Она рассмеялась. Громко. Так, что соседская собака залаяла в унисон.
— Спасал?! — Лариса склонила голову на бок, изучая его, как микроба под микроскопом. — Ага. Спасатель хренов. С бабами, что ли, долги свои гасил?
Борис вздрогнул. Микросекунда — и всё. Он попался.
— Что?.. Какие бабы? — начал он мямлить, но уже было поздно.
Лариса взяла пустую кружку со стола и швырнула её в стену. Грохот был такой, что у Бориса дернулась левая века.
— Не надо делать из меня дуру, Боря! — орала Лариса, уже не стесняясь ни громкости, ни эмоций. — Я знаю про эту… эту соплю двадцатилетнюю с работы! Про её сиськи, твои букеты и съёмные квартиры! Ты думал, я никогда не узнаю?!
Борис вскочил:
— А ты сама виновата! Ты превратилась в скучную домохозяйку! Вечно усталая, вечно недовольная! Мне хотелось… жить, понимаешь?!
— Ты хотел жить?! — истерично засмеялась Лариса. — Жрать за мой счёт, спать с кем попало и потом втирать мне про новую квартиру?! Ты обыкновенный жалкий предатель, Боря!
Борис подошёл ближе, лицо его перекосило.

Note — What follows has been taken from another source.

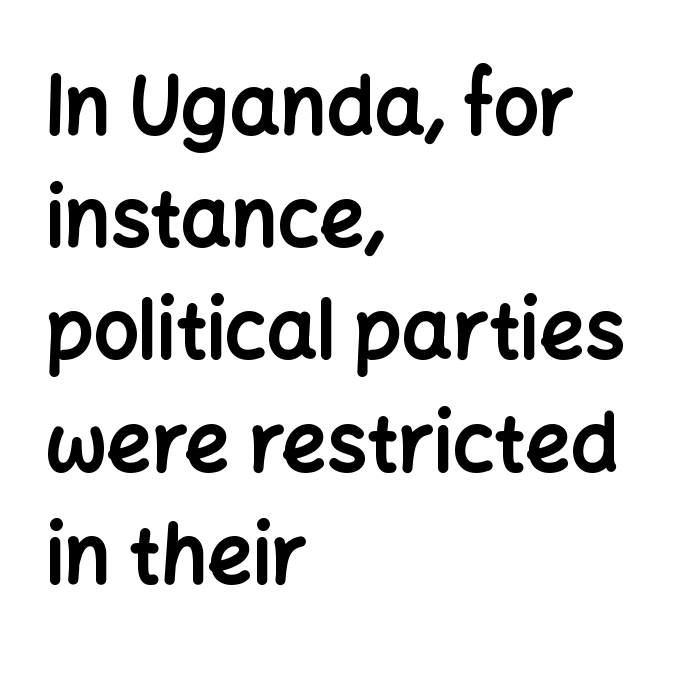
Spacing verdict: proportional, widths tailored to each character. Weight: bold. Where is the straight margin? On the left. In terms of posture, this sample is upright. Is there much room between lines? A standard amount, neither cramped nor airy.

— Ты мне не мать и не судья!
— Нет, Боря, — зло ухмыльнулась Лариса. — Мать тебе давно дала под зад, а судья я сейчас буду. Сама себе.
Она взяла со стола документы — брачный договор и уведомление о разделе имущества — и с хрустом бросила их перед ним.

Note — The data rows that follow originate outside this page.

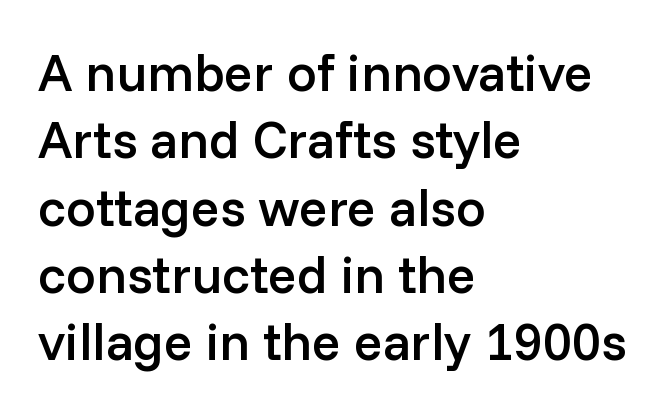
Q: Is the text bold? A: Semi-bold.
Q: Is the text italic (slanted)? A: No, it is upright.
Q: Is the typeface a serif or a sans-serif typeface? A: Sans-serif.
Q: Is the text underlined? A: No.
Q: How is the paragraph aligned? A: Left-aligned.
Q: Is the spacing between letters normal or unusually wide? A: Normal.
Q: Is the spacing between lines tight, normal or loose? A: Normal.
Q: Width (condensed, normal, or wide)? A: Normal.
Q: Stroke contrast? A: Low.
Q: x-height? A: Medium.
Q: Monospaced? A: No.
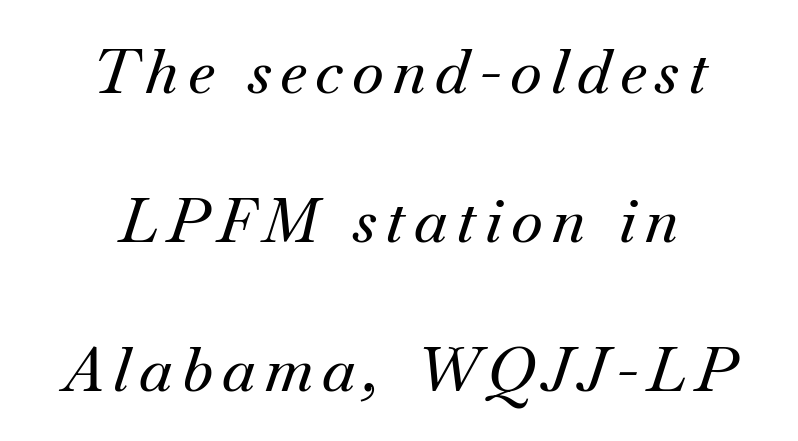
{"serif": "yes", "italic": "yes", "lean": "right", "slant_degrees": 18, "width": "normal", "stroke_contrast": "medium", "x_height": "small", "monospaced": "no", "underline": "no", "align": "center", "line_spacing": "loose", "line_spacing_ratio": 2.44, "glyph_px": 61}

— Подписывай. Или собирай чемодан и катись к своей юной «жизни».
Борис стоял, глядя на бумаги, как на смертельный приговор. Руки у него тряслись. Плечи обвисли.
Он вдруг стал старым. Жалким. И впервые за много лет Лариса посмотрела на него без боли. Только с холодным, ледяным равнодушием.
— Не думай, что я не смогу без тебя, — тихо добавила она. — Я смогу. И знаешь что? Уже смогла.
Борис молчал. Потом швырнул ручку на стол и пошёл собирать вещи.
Лариса смотрела ему вслед. Без слёз. Без сожалений. Только с лёгкой усталой улыбкой.
Как на похоронах человека, который сам себе вырыл могилу.
Через неделю Лариса сидела на том же месте, на кухне, только теперь с чашкой горячего чая и новым чувством внутри. Она была одна. Свободная. Чистая. И впервые за много лет — счастливая.
Антон пришёл вечером.
— Ну что, мать, как ты?
Лариса усмехнулась:
— Лучше всех, сынок. Теперь у меня даже план на жизнь есть. И знаешь какой?
Антон уселся напротив, заинтересованно уставившись на неё.
— Какой?
Лариса подняла чашку, как на тост:
— Больше никогда не путать спасательный круг с петлёй на шее.
Антон заржал. Настоящее, заразительно.
А Лариса впервые за долгое время почувствовала, что всё будет хорошо. Чёрт возьми, оно уже хорошо.